CIS 550 Database & Information Systems

Prerequisites: CIT 591, CIT 592
Corequisite: CIT 596

Structured information is the lifeblood of commerce, government, and science today. This course provides an introduction to the broad field of information management systems, covering a range of topics relating to structured data, from data modeling to logical foundations and popular languages, to system implementations. We will study the relational data model; SQL; database design using the Entity-Relationship model and relational design theory; transactions and updates; efficient storage of data; indexes; query execution and query optimization; and “big data” and NoSQL systems.

CIS 581 Computer Vision & Computational Photography

Prerequisites: CIT 591, CIT 592, CIT 593 and CIT 594. Students may take CIT 595 and/or CIT 596 concurrently with this elective.

This is an introductory course to computer vision and computational photography.

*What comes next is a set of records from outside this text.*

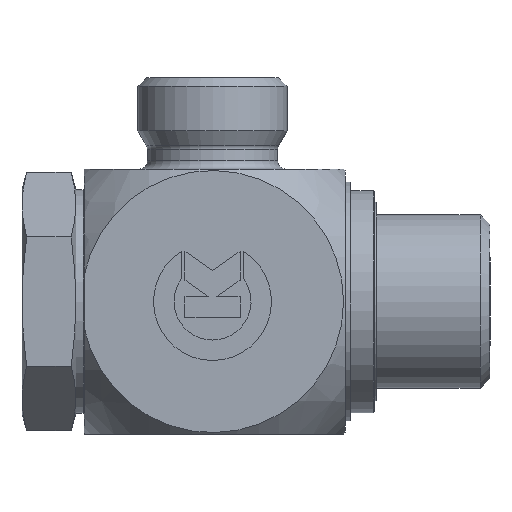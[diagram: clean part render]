
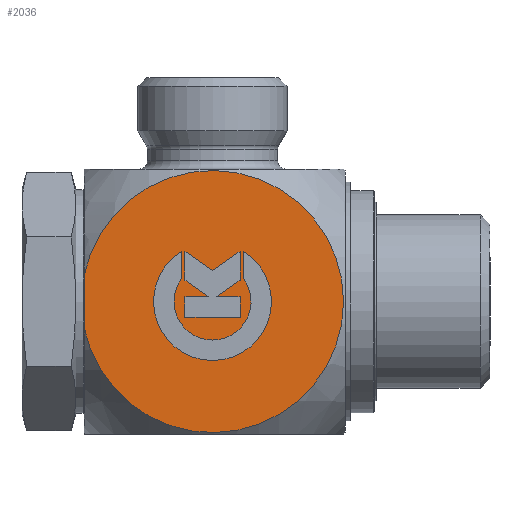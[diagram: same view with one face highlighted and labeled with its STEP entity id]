
A CAD part, left-side view. The second image highlights one B-rep face of the part: STEP entity #2036.
In plain terms, the highlighted planar face has unit normal (-1, 0, 0).
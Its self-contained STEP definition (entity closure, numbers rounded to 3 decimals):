
#1123=CARTESIAN_POINT('',(-16.,3.738,22.058));
#1124=VERTEX_POINT('',#1123);
#1131=CARTESIAN_POINT('',(-16.,-3.738,22.058));
#1132=VERTEX_POINT('',#1131);
#1133=CARTESIAN_POINT('',(-16.,0.,16.0));
#1134=DIRECTION('',(1.0,0.0,0.0));
#1135=DIRECTION('',(0.0,-0.525,-0.851));
#1136=AXIS2_PLACEMENT_3D('',#1133,#1134,#1135);
#1137=CIRCLE('',#1136,7.119);
#1138=EDGE_CURVE('',#1132,#1124,#1137,.T.);
#1163=CARTESIAN_POINT('',(-16.,-3.738,18.769));
#1164=VERTEX_POINT('',#1163);
#1165=CARTESIAN_POINT('',(-16.,-3.738,18.769));
#1166=DIRECTION('',(0.0,0.0,1.0));
#1167=VECTOR('',#1166,3.29);
#1168=LINE('',#1165,#1167);
#1169=EDGE_CURVE('',#1164,#1132,#1168,.T.);
#1195=CARTESIAN_POINT('',(-16.,3.738,18.769));
#1196=VERTEX_POINT('',#1195);
#1197=CARTESIAN_POINT('',(-16.,0.,16.0));
#1198=DIRECTION('',(-1.0,0.0,0.0));
#1199=DIRECTION('',(0.0,0.804,0.595));
#1200=AXIS2_PLACEMENT_3D('',#1197,#1198,#1199);
#1201=CIRCLE('',#1200,4.652);
#1202=EDGE_CURVE('',#1196,#1164,#1201,.T.);
#1225=CARTESIAN_POINT('',(-16.,3.738,22.058));
#1226=DIRECTION('',(0.0,0.0,-1.0));
#1227=VECTOR('',#1226,3.29);
#1228=LINE('',#1225,#1227);
#1229=EDGE_CURVE('',#1124,#1196,#1228,.T.);
#1262=CARTESIAN_POINT('',(-16.,-3.323,14.084));
#1263=VERTEX_POINT('',#1262);
#1270=CARTESIAN_POINT('',(-16.,-3.323,16.576));
#1271=VERTEX_POINT('',#1270);
#1272=CARTESIAN_POINT('',(-16.,-3.323,16.576));
#1273=DIRECTION('',(0.0,0.0,-1.0));
#1274=VECTOR('',#1273,2.492);
#1275=LINE('',#1272,#1274);
#1276=EDGE_CURVE('',#1271,#1263,#1275,.T.);
#1301=CARTESIAN_POINT('',(-16.,-0.476,16.576));
#1302=VERTEX_POINT('',#1301);
#1303=CARTESIAN_POINT('',(-16.,-0.476,16.576));
#1304=DIRECTION('',(0.0,-1.0,0.0));
#1305=VECTOR('',#1304,2.847);
#1306=LINE('',#1303,#1305);
#1307=EDGE_CURVE('',#1302,#1271,#1306,.T.);
#1332=CARTESIAN_POINT('',(-16.,-3.323,18.57));
#1333=VERTEX_POINT('',#1332);
#1334=CARTESIAN_POINT('',(-16.,-3.323,18.57));
#1335=DIRECTION('',(0.0,0.819,-0.574));
#1336=VECTOR('',#1335,3.476);
#1337=LINE('',#1334,#1336);
#1338=EDGE_CURVE('',#1333,#1302,#1337,.T.);
#1363=CARTESIAN_POINT('',(-16.,-3.323,22.058));
#1364=VERTEX_POINT('',#1363);
#1365=CARTESIAN_POINT('',(-16.,-3.323,22.058));
#1366=DIRECTION('',(0.0,0.0,-1.0));
#1367=VECTOR('',#1366,3.489);
#1368=LINE('',#1365,#1367);
#1369=EDGE_CURVE('',#1364,#1333,#1368,.T.);
#1394=CARTESIAN_POINT('',(-16.,0.,19.732));
#1395=VERTEX_POINT('',#1394);
#1396=CARTESIAN_POINT('',(-16.,0.,19.732));
#1397=DIRECTION('',(0.0,-0.819,0.574));
#1398=VECTOR('',#1397,4.056);
#1399=LINE('',#1396,#1398);
#1400=EDGE_CURVE('',#1395,#1364,#1399,.T.);
#1425=CARTESIAN_POINT('',(-16.,3.323,22.058));
#1426=VERTEX_POINT('',#1425);
#1427=CARTESIAN_POINT('',(-16.,3.323,22.058));
#1428=DIRECTION('',(0.,-0.819,-0.574));
#1429=VECTOR('',#1428,4.056);
#1430=LINE('',#1427,#1429);
#1431=EDGE_CURVE('',#1426,#1395,#1430,.T.);
#1456=CARTESIAN_POINT('',(-16.,3.323,18.57));
#1457=VERTEX_POINT('',#1456);
#1458=CARTESIAN_POINT('',(-16.,3.323,18.57));
#1459=DIRECTION('',(0.0,0.0,1.0));
#1460=VECTOR('',#1459,3.489);
#1461=LINE('',#1458,#1460);
#1462=EDGE_CURVE('',#1457,#1426,#1461,.T.);
#1487=CARTESIAN_POINT('',(-16.,0.476,16.576));
#1488=VERTEX_POINT('',#1487);
#1489=CARTESIAN_POINT('',(-16.,0.476,16.576));
#1490=DIRECTION('',(0.0,0.819,0.574));
#1491=VECTOR('',#1490,3.476);
#1492=LINE('',#1489,#1491);
#1493=EDGE_CURVE('',#1488,#1457,#1492,.T.);
#1518=CARTESIAN_POINT('',(-16.,3.323,16.576));
#1519=VERTEX_POINT('',#1518);
#1520=CARTESIAN_POINT('',(-16.,3.323,16.576));
#1521=DIRECTION('',(0.0,-1.0,0.0));
#1522=VECTOR('',#1521,2.847);
#1523=LINE('',#1520,#1522);
#1524=EDGE_CURVE('',#1519,#1488,#1523,.T.);
#1549=CARTESIAN_POINT('',(-16.,3.323,14.084));
#1550=VERTEX_POINT('',#1549);
#1551=CARTESIAN_POINT('',(-16.,3.323,14.084));
#1552=DIRECTION('',(0.0,0.0,1.0));
#1553=VECTOR('',#1552,2.492);
#1554=LINE('',#1551,#1553);
#1555=EDGE_CURVE('',#1550,#1519,#1554,.T.);
#1578=CARTESIAN_POINT('',(-16.,-3.323,14.084));
#1579=DIRECTION('',(0.0,1.0,0.0));
#1580=VECTOR('',#1579,6.645);
#1581=LINE('',#1578,#1580);
#1582=EDGE_CURVE('',#1263,#1550,#1581,.T.);
#1971=CARTESIAN_POINT('',(-16.,15.5,12.838));
#1972=VERTEX_POINT('',#1971);
#1980=CARTESIAN_POINT('',(-16.,15.5,19.162));
#1981=VERTEX_POINT('',#1980);
#1982=CARTESIAN_POINT('',(-16.,15.5,19.162));
#1983=DIRECTION('',(0.0,0.0,-1.0));
#1984=VECTOR('',#1983,6.325);
#1985=LINE('',#1982,#1984);
#1986=EDGE_CURVE('',#1981,#1972,#1985,.T.);
#2002=CARTESIAN_POINT('',(-16.,-16.,0.0));
#2003=DIRECTION('',(-1.0,0.0,0.0));
#2004=DIRECTION('',(0.0,0.0,1.0));
#2005=AXIS2_PLACEMENT_3D('',#2002,#2003,#2004);
#2006=PLANE('',#2005);
#2007=ORIENTED_EDGE('',*,*,#1986,.T.);
#2008=CARTESIAN_POINT('',(-16.,0.,16.0));
#2009=DIRECTION('',(-1.0,0.0,0.0));
#2010=DIRECTION('',(0.0,0.0,-1.0));
#2011=AXIS2_PLACEMENT_3D('',#2008,#2009,#2010);
#2012=CIRCLE('',#2011,15.819);
#2013=EDGE_CURVE('',#1972,#1981,#2012,.T.);
#2014=ORIENTED_EDGE('',*,*,#2013,.T.);
#2015=EDGE_LOOP('',(#2007,#2014));
#2016=FACE_OUTER_BOUND('',#2015,.T.);
#2017=ORIENTED_EDGE('',*,*,#1138,.T.);
#2018=ORIENTED_EDGE('',*,*,#1229,.T.);
#2019=ORIENTED_EDGE('',*,*,#1202,.T.);
#2020=ORIENTED_EDGE('',*,*,#1169,.T.);
#2021=EDGE_LOOP('',(#2017,#2018,#2019,#2020));
#2022=FACE_BOUND('',#2021,.T.);
#2023=ORIENTED_EDGE('',*,*,#1276,.T.);
#2024=ORIENTED_EDGE('',*,*,#1582,.T.);
#2025=ORIENTED_EDGE('',*,*,#1555,.T.);
#2026=ORIENTED_EDGE('',*,*,#1524,.T.);
#2027=ORIENTED_EDGE('',*,*,#1493,.T.);
#2028=ORIENTED_EDGE('',*,*,#1462,.T.);
#2029=ORIENTED_EDGE('',*,*,#1431,.T.);
#2030=ORIENTED_EDGE('',*,*,#1400,.T.);
#2031=ORIENTED_EDGE('',*,*,#1369,.T.);
#2032=ORIENTED_EDGE('',*,*,#1338,.T.);
#2033=ORIENTED_EDGE('',*,*,#1307,.T.);
#2034=EDGE_LOOP('',(#2023,#2024,#2025,#2026,#2027,#2028,#2029,#2030,#2031,#2032,#2033));
#2035=FACE_BOUND('',#2034,.T.);
#2036=ADVANCED_FACE('',(#2016,#2022,#2035),#2006,.T.);

This course will explore four topics: 1) image feature detection, 2) image morphing, 3) image stitching, and 4) deep learning related to images. This course is intended to provide a hands-on experience with interesting things to do on images/pixels.The world is becoming image-centric. Cameras are now found everywhere: in our cell phones, automobiles, and even in medical surgery tools. In addition, computer vision technology has led to innovations in areas such as movie production, medical diagnosis, biometrics, and digital library. This course is suited for students with any engineering background who have a basic understanding of linear algebra and programming, along with plenty of imagination.

CIT 520 Intro to Robotics

Prerequisites: Students should have knowledge of simple geometry and trigonometry (triangle inequalities, sine, cosine), previous exposure to linear algebra (matrices and vectors), calculus (differentiation, integration) physics (basics mechanics), and previous programming experience.

The rapidly evolving field of robotics includes systems designed to replace, assist, or even entertain humans in a wide variety of tasks. Recent examples include human-friendly robot arms for manufacturing, interactive robotic pets, medical and surgical assistive robots, and semi-autonomous search-and-rescue vehicles. This course presents the fundamental kinematic, dynamic, and computational principles underlying most modern robotic systems. The main topics of the course include: rotation matrices, homogeneous transformations, manipulator forward kinematics, manipulator inverse kinematics, Jacobians, path and trajectory planning, sensing and actuation, and feedback control. The material is reinforced with hands-on lab exercises involving a robotic arm.

CIT 582 Blockchains & Cryptography

Prerequisites: CIT 591 and CIT 592

Blockchains or Distributed Ledger Technology (DLT) provide a novel method for decentralizing databases in the presence of mutually distrustful or malicious agents. The promise of DLTs has attracted billions of dollars in investments, yet the true potential of these systems remains unclear.
This course introduces students to the fundamentals of cryptography and distributed systems that underpin modern blockchain platforms — including collision-resistant hash functions, digital signatures and classical consensus algorithms. From there, we will examine the architecture of modern blockchain platforms, and develop tools to analyze and interact with them in Python.
At the end of this course, students should understand the power and limitations of blockchain technology, and be able to develop software that interacts with current blockchain platforms.

ESE 542 Statistics for Data Science: An Applied Machine Learning Course

Prerequisites: CIT 592, Programming background, Basic Probability

In this course, students will learn a broad range of statistical and computational tools to analyze large datasets. This course provides a solid foundation of data science, statistics and machine learning to make data-driven predictions via statistical modeling and inference. Using case studies and hands-on exercises, the student will have the opportunity to practice and increase their data analysis skills using Python. The objective of these case studies is to identify and implement appropriate modeling and analysis techniques in order to extract meaningful information from large datasets.